**RECORDS:**

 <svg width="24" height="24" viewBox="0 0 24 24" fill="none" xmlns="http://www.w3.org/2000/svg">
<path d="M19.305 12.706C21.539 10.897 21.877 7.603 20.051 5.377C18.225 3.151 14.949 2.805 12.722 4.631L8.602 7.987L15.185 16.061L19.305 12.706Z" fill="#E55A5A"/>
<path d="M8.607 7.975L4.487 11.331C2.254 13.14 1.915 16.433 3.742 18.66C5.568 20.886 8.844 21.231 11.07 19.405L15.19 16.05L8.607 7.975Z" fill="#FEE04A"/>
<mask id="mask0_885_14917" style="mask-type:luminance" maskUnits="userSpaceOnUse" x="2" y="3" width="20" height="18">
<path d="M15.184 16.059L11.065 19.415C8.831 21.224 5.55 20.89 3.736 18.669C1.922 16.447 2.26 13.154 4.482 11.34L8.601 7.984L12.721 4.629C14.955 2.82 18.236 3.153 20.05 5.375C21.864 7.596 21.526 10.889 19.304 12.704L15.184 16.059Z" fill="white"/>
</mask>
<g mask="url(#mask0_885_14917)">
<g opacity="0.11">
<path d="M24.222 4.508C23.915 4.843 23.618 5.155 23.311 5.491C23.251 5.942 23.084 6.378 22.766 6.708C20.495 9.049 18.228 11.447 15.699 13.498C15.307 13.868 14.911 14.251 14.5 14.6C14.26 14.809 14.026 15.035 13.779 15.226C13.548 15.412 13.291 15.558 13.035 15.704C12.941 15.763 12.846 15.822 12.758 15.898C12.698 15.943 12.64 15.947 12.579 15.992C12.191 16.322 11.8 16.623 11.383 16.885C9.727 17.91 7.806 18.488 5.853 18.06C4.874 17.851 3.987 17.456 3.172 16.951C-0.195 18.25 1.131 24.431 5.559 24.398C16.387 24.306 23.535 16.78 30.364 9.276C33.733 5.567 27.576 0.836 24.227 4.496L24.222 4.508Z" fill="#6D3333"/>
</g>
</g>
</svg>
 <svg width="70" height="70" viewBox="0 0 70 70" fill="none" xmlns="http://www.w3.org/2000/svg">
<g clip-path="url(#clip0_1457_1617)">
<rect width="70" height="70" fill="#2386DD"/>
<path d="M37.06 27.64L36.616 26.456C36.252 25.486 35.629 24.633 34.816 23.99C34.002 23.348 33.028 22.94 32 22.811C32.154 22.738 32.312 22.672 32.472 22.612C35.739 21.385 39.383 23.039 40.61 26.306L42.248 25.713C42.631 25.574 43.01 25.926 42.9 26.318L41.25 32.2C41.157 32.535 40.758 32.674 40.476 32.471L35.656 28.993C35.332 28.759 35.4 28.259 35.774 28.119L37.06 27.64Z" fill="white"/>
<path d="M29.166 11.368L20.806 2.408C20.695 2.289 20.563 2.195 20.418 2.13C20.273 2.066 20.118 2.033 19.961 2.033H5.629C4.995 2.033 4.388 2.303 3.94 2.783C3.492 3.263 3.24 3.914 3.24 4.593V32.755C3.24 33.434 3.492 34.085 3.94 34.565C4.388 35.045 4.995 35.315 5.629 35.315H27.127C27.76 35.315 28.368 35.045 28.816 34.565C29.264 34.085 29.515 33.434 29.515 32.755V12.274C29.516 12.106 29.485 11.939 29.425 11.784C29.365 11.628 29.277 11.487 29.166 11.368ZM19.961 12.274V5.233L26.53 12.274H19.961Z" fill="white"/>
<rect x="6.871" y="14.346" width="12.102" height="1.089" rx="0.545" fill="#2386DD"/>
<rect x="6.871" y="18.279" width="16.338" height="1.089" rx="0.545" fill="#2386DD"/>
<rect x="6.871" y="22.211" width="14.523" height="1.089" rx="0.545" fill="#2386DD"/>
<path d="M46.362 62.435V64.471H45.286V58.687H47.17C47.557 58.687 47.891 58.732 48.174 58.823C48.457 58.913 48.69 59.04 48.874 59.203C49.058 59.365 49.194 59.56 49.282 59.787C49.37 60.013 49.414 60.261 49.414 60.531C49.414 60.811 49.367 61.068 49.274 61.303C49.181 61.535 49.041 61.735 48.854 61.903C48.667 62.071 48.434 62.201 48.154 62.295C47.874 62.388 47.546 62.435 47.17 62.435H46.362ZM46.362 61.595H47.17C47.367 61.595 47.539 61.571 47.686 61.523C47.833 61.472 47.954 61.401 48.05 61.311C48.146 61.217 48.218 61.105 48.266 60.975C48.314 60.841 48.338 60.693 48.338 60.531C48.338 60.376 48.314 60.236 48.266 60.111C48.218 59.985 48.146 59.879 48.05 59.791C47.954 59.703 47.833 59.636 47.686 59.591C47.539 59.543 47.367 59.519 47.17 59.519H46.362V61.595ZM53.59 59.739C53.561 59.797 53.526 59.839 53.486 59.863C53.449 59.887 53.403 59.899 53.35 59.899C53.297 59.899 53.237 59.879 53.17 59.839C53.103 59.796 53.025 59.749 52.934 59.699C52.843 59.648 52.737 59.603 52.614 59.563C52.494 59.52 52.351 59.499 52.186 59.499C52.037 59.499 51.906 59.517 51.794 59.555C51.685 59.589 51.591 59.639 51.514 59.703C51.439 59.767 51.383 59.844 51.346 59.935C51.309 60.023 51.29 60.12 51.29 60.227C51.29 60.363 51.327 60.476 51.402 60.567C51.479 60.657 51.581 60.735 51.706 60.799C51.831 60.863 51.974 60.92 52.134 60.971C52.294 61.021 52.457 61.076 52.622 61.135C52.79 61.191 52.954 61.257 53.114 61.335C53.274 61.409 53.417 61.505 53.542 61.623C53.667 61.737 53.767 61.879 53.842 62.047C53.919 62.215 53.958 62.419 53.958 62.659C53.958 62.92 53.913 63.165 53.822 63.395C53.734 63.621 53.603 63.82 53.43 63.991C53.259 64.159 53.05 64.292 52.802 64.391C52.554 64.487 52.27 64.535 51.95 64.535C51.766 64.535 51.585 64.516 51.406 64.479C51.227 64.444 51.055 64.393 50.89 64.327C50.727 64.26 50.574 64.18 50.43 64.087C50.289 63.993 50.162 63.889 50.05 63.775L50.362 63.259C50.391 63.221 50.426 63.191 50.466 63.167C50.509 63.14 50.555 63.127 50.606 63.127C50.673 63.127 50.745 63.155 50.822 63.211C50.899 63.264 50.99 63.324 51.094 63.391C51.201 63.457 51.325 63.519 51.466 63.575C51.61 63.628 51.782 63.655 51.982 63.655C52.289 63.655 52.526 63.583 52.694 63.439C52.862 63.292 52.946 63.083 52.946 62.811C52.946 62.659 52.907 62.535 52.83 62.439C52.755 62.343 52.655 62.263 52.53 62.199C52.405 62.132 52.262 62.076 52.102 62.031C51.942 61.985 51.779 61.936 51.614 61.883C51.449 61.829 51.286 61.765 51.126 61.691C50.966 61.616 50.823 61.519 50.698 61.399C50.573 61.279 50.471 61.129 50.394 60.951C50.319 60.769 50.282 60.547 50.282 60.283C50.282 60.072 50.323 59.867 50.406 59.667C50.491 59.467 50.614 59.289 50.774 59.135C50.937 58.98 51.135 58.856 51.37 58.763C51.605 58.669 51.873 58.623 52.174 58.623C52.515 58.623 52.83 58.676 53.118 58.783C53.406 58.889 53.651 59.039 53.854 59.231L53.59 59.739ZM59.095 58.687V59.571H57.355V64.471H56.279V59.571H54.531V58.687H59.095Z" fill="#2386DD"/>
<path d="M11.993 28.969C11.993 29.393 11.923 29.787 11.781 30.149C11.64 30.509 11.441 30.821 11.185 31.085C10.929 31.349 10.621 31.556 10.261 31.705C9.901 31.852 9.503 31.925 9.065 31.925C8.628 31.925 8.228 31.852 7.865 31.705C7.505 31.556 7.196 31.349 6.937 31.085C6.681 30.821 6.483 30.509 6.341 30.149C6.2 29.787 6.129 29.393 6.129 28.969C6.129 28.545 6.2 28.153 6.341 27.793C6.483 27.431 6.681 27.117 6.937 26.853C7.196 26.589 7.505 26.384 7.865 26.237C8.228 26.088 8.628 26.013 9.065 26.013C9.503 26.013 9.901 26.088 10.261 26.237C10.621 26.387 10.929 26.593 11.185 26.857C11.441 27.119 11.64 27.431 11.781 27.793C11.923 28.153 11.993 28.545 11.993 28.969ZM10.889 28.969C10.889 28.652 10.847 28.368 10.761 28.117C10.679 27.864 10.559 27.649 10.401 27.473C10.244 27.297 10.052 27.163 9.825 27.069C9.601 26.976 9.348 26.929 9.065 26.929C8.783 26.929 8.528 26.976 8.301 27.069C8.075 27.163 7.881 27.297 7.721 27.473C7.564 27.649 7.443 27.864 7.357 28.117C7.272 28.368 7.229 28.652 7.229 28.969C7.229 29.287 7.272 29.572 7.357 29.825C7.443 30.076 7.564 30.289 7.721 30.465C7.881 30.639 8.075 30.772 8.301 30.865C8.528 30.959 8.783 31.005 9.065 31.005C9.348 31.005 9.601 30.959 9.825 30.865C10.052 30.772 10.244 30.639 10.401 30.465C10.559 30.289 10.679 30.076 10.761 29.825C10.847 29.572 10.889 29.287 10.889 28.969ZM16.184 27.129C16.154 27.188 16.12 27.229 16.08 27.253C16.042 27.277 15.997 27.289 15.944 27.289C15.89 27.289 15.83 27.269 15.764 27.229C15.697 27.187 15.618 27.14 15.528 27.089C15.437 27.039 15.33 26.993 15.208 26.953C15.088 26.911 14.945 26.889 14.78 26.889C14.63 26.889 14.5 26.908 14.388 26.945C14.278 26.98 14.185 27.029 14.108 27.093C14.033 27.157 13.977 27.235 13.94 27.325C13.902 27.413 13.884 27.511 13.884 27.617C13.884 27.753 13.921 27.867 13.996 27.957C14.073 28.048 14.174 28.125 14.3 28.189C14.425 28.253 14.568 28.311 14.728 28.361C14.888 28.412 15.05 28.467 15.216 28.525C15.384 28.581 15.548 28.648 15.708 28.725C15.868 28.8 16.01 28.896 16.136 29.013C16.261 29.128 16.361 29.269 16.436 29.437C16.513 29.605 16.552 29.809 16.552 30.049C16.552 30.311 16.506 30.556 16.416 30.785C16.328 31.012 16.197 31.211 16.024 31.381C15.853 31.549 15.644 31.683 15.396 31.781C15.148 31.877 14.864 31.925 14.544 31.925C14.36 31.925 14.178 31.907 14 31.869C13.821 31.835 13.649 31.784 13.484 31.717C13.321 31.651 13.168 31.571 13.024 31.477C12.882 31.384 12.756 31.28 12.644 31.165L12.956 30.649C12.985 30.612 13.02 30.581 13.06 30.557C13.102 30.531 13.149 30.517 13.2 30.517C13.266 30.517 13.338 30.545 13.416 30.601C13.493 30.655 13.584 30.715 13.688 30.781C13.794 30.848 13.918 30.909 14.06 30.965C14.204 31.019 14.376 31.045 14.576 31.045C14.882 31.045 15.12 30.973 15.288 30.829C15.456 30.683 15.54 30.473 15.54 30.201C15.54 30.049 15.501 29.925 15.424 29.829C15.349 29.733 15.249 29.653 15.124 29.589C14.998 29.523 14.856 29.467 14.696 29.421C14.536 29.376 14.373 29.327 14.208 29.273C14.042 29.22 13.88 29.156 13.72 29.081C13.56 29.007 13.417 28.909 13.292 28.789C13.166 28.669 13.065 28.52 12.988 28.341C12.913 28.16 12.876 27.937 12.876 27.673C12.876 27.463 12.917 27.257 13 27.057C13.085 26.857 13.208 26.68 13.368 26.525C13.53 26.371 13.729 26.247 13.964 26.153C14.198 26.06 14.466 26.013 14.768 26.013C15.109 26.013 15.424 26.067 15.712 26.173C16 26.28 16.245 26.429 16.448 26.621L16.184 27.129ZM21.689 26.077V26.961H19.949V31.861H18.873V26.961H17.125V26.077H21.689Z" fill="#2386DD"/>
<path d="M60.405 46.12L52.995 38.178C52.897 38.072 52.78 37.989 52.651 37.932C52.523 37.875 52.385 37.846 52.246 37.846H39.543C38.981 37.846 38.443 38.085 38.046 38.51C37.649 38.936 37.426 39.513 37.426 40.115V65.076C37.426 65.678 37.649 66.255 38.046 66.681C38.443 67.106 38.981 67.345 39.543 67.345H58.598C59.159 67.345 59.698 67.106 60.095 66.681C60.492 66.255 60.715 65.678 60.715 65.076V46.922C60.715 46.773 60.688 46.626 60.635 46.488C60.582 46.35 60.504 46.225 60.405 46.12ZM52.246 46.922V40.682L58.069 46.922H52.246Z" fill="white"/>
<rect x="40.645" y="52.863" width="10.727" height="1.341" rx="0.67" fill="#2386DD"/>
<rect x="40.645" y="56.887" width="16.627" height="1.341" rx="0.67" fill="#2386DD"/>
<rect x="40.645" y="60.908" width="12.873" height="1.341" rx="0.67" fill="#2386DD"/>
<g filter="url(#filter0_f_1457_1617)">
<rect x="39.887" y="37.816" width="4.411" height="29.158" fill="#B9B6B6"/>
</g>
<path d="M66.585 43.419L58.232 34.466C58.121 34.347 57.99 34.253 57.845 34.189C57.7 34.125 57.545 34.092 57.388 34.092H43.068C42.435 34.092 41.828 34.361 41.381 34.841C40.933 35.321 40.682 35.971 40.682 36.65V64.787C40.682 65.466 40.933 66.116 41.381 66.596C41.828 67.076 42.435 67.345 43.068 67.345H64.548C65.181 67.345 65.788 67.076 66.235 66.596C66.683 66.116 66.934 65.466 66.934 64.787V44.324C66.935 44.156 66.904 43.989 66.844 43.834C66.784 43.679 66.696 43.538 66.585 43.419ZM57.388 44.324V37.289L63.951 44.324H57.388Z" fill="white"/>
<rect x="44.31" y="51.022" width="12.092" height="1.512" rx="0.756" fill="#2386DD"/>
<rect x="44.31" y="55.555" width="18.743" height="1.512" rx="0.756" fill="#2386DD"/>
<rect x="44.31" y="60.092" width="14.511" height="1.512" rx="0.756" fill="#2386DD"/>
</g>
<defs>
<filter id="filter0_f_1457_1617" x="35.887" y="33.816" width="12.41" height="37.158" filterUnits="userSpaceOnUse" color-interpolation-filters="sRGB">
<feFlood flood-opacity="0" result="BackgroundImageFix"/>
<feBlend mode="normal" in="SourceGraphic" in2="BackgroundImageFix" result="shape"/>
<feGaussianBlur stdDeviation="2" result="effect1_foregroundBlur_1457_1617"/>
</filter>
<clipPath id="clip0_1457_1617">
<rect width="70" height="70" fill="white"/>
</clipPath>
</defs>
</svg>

**EXERCISE AIM:** Report every line above that has the string "userSpaceOnUse" in it.

**WRITTEN REPLY:**
<mask id="mask0_885_14917" style="mask-type:luminance" maskUnits="userSpaceOnUse" x="2" y="3" width="20" height="18">
<filter id="filter0_f_1457_1617" x="35.887" y="33.816" width="12.41" height="37.158" filterUnits="userSpaceOnUse" color-interpolation-filters="sRGB">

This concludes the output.